→ **Exercise aim**:
The entries below are to be repeated exactly, and their pictures left out.

(Data supplied Opens)

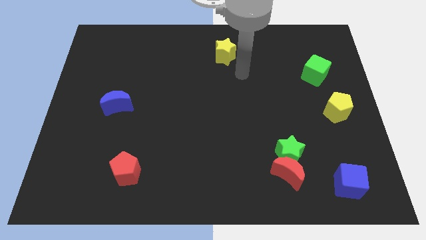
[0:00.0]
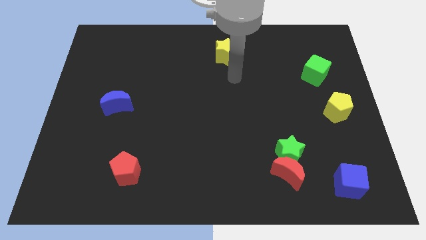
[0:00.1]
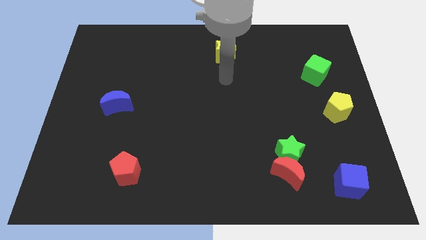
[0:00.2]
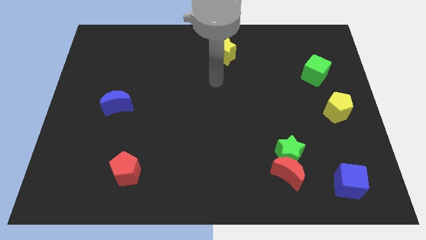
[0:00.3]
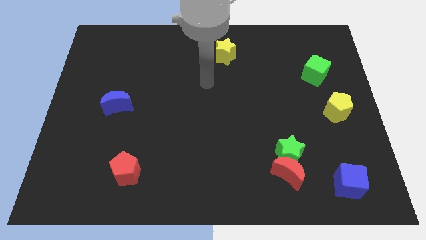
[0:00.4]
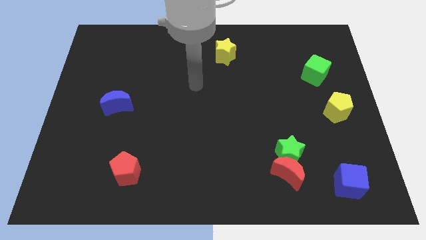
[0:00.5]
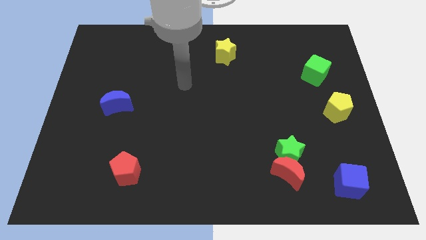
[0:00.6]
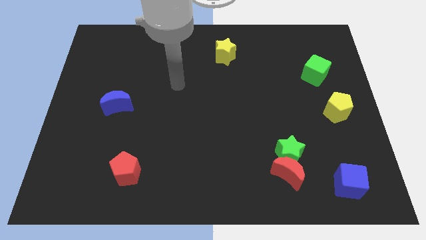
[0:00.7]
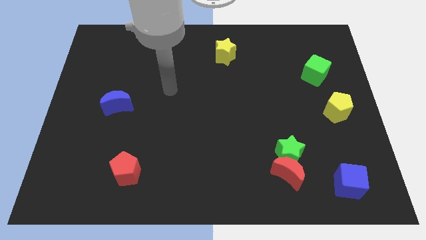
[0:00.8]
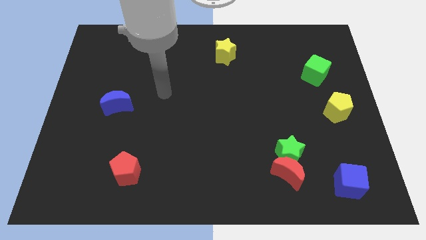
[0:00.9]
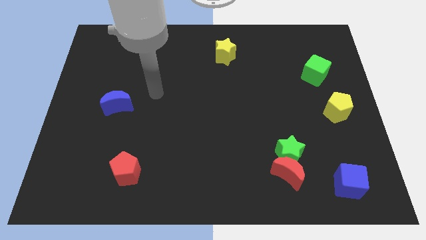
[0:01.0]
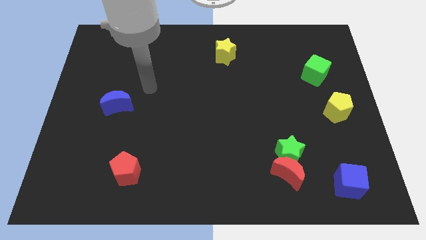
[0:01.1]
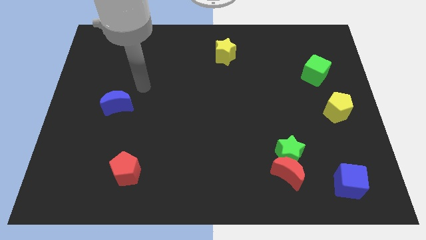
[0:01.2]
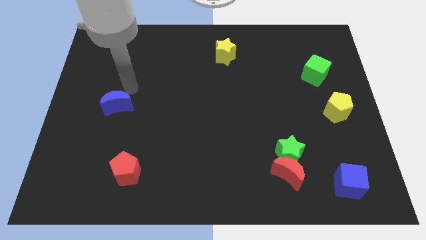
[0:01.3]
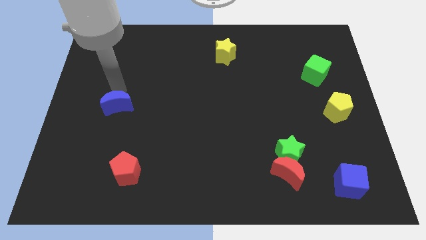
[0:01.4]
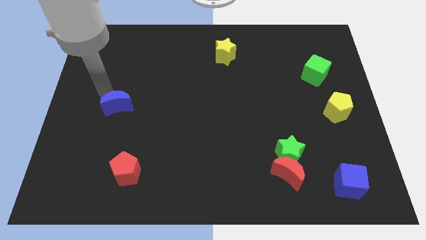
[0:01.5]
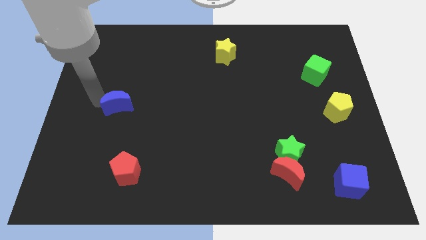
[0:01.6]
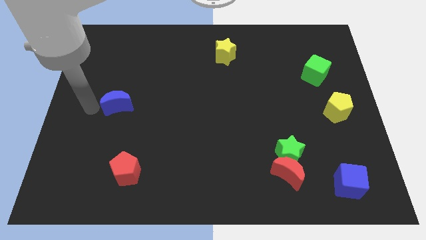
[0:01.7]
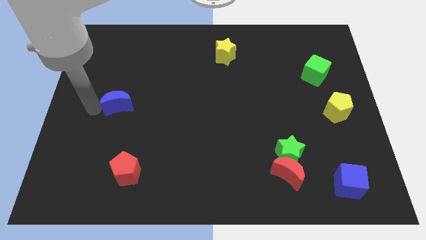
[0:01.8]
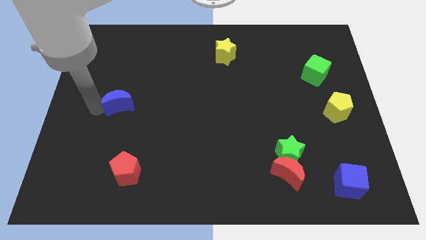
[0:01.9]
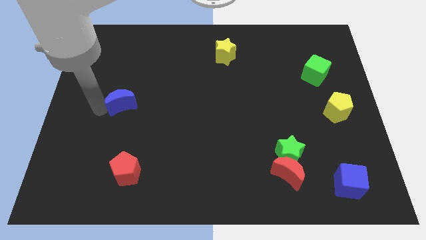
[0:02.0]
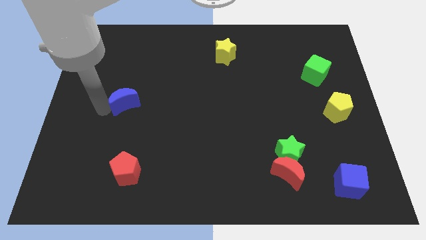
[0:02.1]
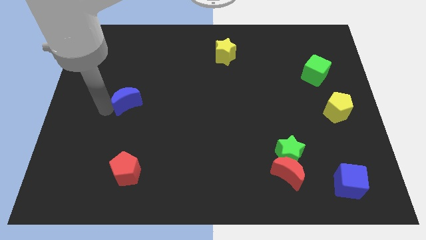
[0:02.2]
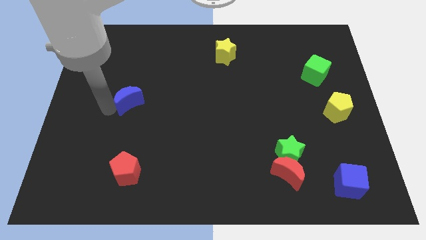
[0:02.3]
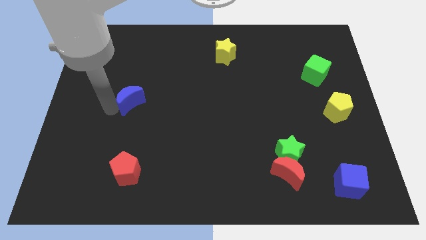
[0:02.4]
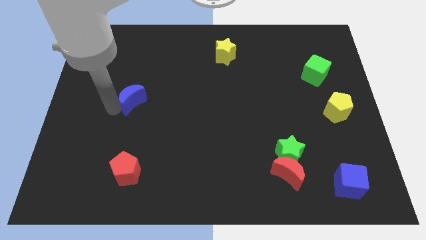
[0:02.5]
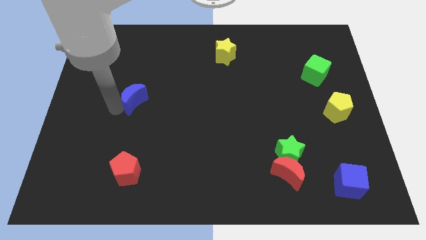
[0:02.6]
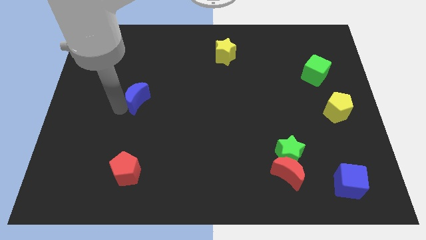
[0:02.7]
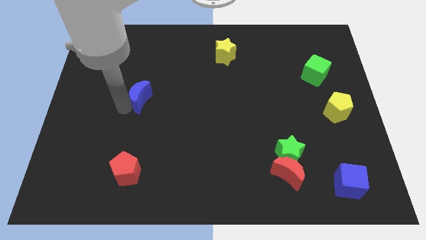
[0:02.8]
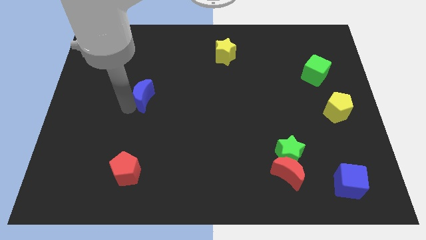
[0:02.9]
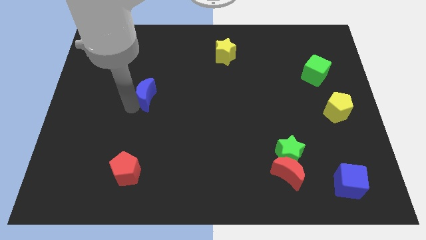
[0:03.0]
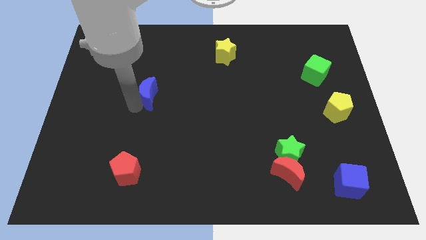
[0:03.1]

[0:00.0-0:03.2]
slightly push the blue moon to the right

(Data supplied Closes)

→ **Result for this exercise**:
[0:00.0]
[0:00.1]
[0:00.2]
[0:00.3]
[0:00.4]
[0:00.5]
[0:00.6]
[0:00.7]
[0:00.8]
[0:00.9]
[0:01.0]
[0:01.1]
[0:01.2]
[0:01.3]
[0:01.4]
[0:01.5]
[0:01.6]
[0:01.7]
[0:01.8]
[0:01.9]
[0:02.0]
[0:02.1]
[0:02.2]
[0:02.3]
[0:02.4]
[0:02.5]
[0:02.6]
[0:02.7]
[0:02.8]
[0:02.9]
[0:03.0]
[0:03.1]

[0:00.0-0:03.2]
slightly push the blue moon to the right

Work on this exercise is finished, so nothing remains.